I'd like the records transcribed exactly, leaving the images out.

[RECORDS FOR THIS EXERCISE — start]

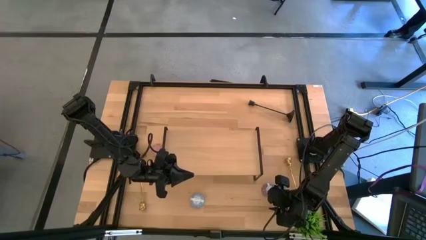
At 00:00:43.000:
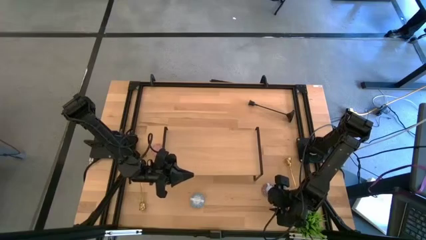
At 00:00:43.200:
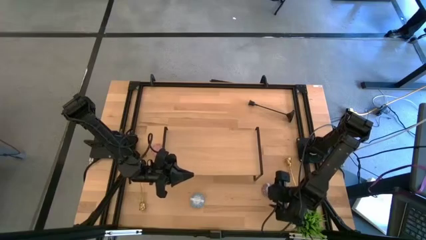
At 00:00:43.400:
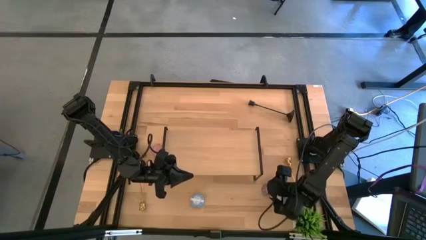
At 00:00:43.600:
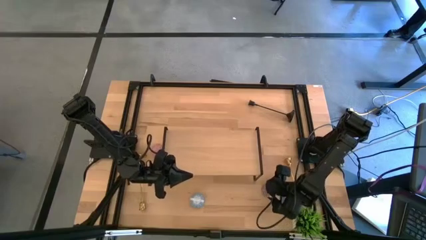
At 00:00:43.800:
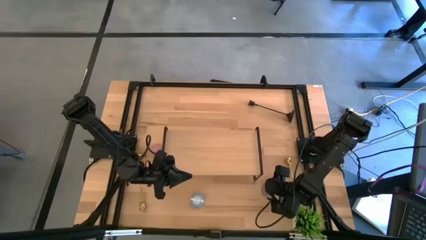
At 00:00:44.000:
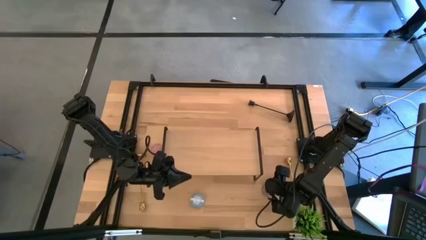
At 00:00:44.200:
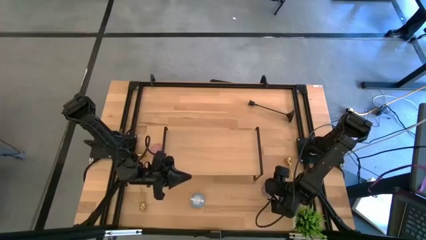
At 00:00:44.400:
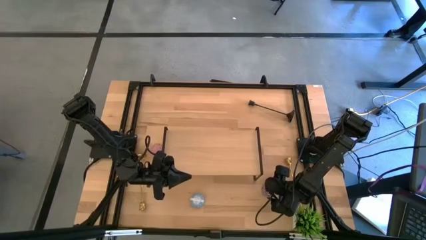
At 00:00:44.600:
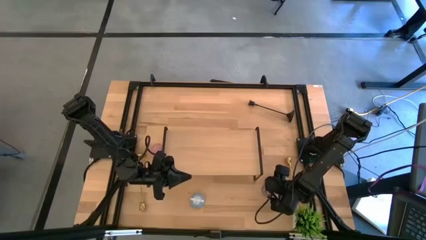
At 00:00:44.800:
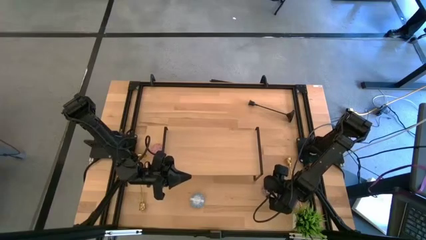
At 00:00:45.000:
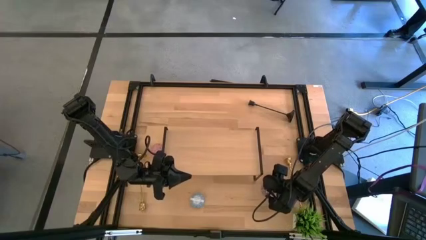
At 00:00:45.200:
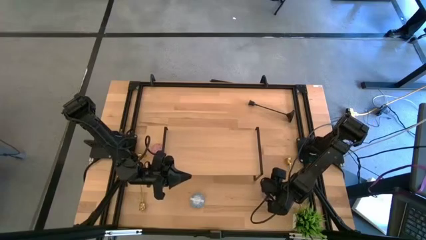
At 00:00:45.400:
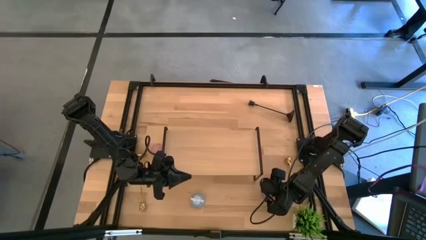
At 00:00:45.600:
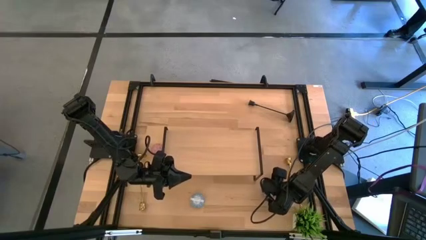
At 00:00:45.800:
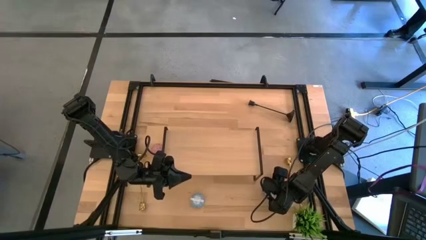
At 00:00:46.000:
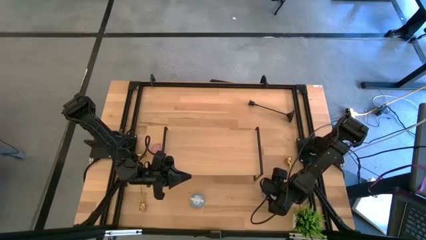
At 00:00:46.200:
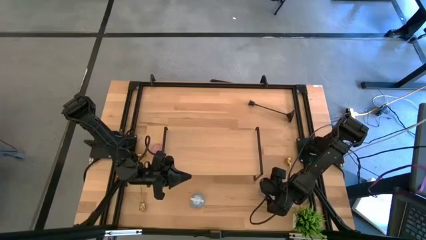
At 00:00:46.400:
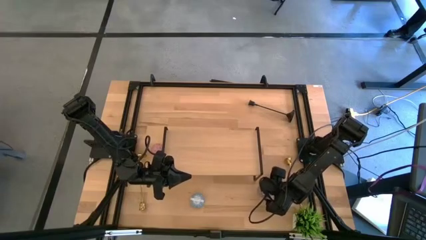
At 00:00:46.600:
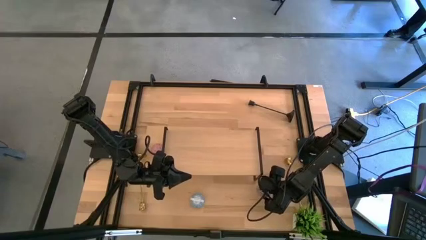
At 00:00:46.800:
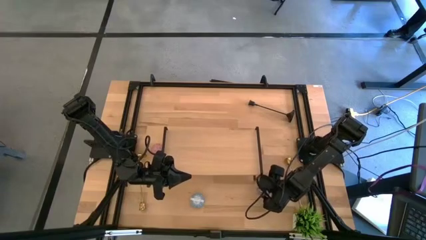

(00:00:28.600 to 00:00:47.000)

[RECORDS FOR THIS EXERCISE — finish]

EXERCISE OUTPUT:
At 00:00:43.000:
At 00:00:43.200:
At 00:00:43.400:
At 00:00:43.600:
At 00:00:43.800:
At 00:00:44.000:
At 00:00:44.200:
At 00:00:44.400:
At 00:00:44.600:
At 00:00:44.800:
At 00:00:45.000:
At 00:00:45.200:
At 00:00:45.400:
At 00:00:45.600:
At 00:00:45.800:
At 00:00:46.000:
At 00:00:46.200:
At 00:00:46.400:
At 00:00:46.600:
At 00:00:46.800:

(00:00:28.600 to 00:00:47.000)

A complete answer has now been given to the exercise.